_REQUIREMENT_
Copy every entry exactly as it stands, though any image it holds should stay out of the copy.

[[ DATA SUPPLIED open ]]

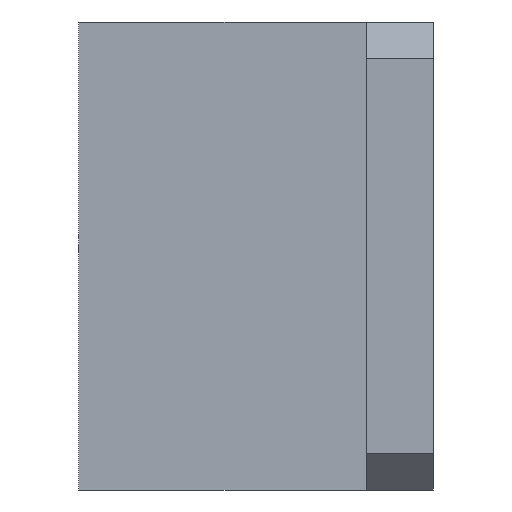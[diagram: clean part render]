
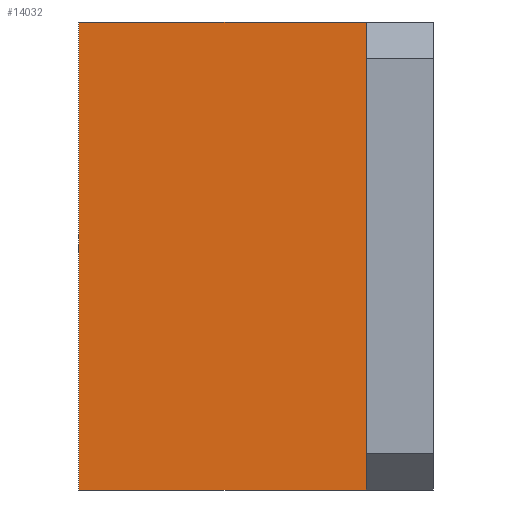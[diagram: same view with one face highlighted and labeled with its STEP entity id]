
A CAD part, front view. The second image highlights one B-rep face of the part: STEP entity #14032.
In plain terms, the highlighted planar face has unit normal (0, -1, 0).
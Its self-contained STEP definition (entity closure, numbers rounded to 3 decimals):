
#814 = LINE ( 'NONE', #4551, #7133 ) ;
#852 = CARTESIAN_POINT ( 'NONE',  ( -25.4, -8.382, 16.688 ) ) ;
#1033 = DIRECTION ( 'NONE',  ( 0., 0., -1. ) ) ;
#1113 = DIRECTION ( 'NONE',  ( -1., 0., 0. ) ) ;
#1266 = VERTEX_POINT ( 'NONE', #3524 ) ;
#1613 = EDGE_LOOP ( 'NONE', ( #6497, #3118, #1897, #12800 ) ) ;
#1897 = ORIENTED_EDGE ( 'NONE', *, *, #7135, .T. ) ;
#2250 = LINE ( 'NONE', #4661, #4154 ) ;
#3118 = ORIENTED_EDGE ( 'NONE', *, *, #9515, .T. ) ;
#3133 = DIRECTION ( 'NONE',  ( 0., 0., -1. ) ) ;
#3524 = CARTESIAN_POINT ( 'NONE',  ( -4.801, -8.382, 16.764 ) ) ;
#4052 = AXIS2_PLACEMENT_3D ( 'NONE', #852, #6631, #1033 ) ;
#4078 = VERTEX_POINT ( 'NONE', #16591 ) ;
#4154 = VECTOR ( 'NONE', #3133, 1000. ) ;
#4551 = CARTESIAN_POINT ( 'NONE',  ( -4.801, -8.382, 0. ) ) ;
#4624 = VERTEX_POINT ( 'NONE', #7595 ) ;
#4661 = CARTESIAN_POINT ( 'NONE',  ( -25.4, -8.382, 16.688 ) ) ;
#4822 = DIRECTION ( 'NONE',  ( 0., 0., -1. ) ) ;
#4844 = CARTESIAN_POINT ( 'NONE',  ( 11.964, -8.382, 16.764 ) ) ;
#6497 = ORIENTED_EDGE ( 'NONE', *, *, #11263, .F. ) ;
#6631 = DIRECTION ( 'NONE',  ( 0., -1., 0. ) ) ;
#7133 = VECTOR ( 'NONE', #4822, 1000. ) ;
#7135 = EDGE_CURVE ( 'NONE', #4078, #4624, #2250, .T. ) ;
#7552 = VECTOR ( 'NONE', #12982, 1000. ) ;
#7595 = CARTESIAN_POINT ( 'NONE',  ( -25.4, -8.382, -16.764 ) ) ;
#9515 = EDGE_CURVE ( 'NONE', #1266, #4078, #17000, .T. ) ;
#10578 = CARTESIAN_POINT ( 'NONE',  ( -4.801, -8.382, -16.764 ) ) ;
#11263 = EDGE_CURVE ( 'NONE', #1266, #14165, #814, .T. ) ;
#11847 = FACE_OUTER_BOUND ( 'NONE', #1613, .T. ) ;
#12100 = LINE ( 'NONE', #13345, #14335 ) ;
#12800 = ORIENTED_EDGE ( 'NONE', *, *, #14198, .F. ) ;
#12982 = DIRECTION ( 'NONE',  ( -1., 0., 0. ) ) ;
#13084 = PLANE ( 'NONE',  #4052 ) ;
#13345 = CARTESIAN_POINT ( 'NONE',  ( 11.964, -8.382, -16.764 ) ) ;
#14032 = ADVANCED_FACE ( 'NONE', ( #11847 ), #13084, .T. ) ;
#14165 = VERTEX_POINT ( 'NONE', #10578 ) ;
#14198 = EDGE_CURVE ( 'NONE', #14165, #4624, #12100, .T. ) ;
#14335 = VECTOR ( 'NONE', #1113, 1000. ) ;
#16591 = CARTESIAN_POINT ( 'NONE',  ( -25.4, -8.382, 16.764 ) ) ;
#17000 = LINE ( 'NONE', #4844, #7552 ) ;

[[ DATA SUPPLIED closed ]]

_EXPECTED ANSWER_
[diagram: clean part render]
[diagram: same view with one face highlighted and labeled with its STEP entity id]
A CAD part, front view. The second image highlights one B-rep face of the part: STEP entity #14032.
In plain terms, the highlighted planar face has unit normal (0, -1, 0).
Its self-contained STEP definition (entity closure, numbers rounded to 3 decimals):
#814 = LINE ( 'NONE', #4551, #7133 ) ;
#852 = CARTESIAN_POINT ( 'NONE',  ( -25.4, -8.382, 16.688 ) ) ;
#1033 = DIRECTION ( 'NONE',  ( 0., 0., -1. ) ) ;
#1113 = DIRECTION ( 'NONE',  ( -1., 0., 0. ) ) ;
#1266 = VERTEX_POINT ( 'NONE', #3524 ) ;
#1613 = EDGE_LOOP ( 'NONE', ( #6497, #3118, #1897, #12800 ) ) ;
#1897 = ORIENTED_EDGE ( 'NONE', *, *, #7135, .T. ) ;
#2250 = LINE ( 'NONE', #4661, #4154 ) ;
#3118 = ORIENTED_EDGE ( 'NONE', *, *, #9515, .T. ) ;
#3133 = DIRECTION ( 'NONE',  ( 0., 0., -1. ) ) ;
#3524 = CARTESIAN_POINT ( 'NONE',  ( -4.801, -8.382, 16.764 ) ) ;
#4052 = AXIS2_PLACEMENT_3D ( 'NONE', #852, #6631, #1033 ) ;
#4078 = VERTEX_POINT ( 'NONE', #16591 ) ;
#4154 = VECTOR ( 'NONE', #3133, 1000. ) ;
#4551 = CARTESIAN_POINT ( 'NONE',  ( -4.801, -8.382, 0. ) ) ;
#4624 = VERTEX_POINT ( 'NONE', #7595 ) ;
#4661 = CARTESIAN_POINT ( 'NONE',  ( -25.4, -8.382, 16.688 ) ) ;
#4822 = DIRECTION ( 'NONE',  ( 0., 0., -1. ) ) ;
#4844 = CARTESIAN_POINT ( 'NONE',  ( 11.964, -8.382, 16.764 ) ) ;
#6497 = ORIENTED_EDGE ( 'NONE', *, *, #11263, .F. ) ;
#6631 = DIRECTION ( 'NONE',  ( 0., -1., 0. ) ) ;
#7133 = VECTOR ( 'NONE', #4822, 1000. ) ;
#7135 = EDGE_CURVE ( 'NONE', #4078, #4624, #2250, .T. ) ;
#7552 = VECTOR ( 'NONE', #12982, 1000. ) ;
#7595 = CARTESIAN_POINT ( 'NONE',  ( -25.4, -8.382, -16.764 ) ) ;
#9515 = EDGE_CURVE ( 'NONE', #1266, #4078, #17000, .T. ) ;
#10578 = CARTESIAN_POINT ( 'NONE',  ( -4.801, -8.382, -16.764 ) ) ;
#11263 = EDGE_CURVE ( 'NONE', #1266, #14165, #814, .T. ) ;
#11847 = FACE_OUTER_BOUND ( 'NONE', #1613, .T. ) ;
#12100 = LINE ( 'NONE', #13345, #14335 ) ;
#12800 = ORIENTED_EDGE ( 'NONE', *, *, #14198, .F. ) ;
#12982 = DIRECTION ( 'NONE',  ( -1., 0., 0. ) ) ;
#13084 = PLANE ( 'NONE',  #4052 ) ;
#13345 = CARTESIAN_POINT ( 'NONE',  ( 11.964, -8.382, -16.764 ) ) ;
#14032 = ADVANCED_FACE ( 'NONE', ( #11847 ), #13084, .T. ) ;
#14165 = VERTEX_POINT ( 'NONE', #10578 ) ;
#14198 = EDGE_CURVE ( 'NONE', #14165, #4624, #12100, .T. ) ;
#14335 = VECTOR ( 'NONE', #1113, 1000. ) ;
#16591 = CARTESIAN_POINT ( 'NONE',  ( -25.4, -8.382, 16.764 ) ) ;
#17000 = LINE ( 'NONE', #4844, #7552 ) ;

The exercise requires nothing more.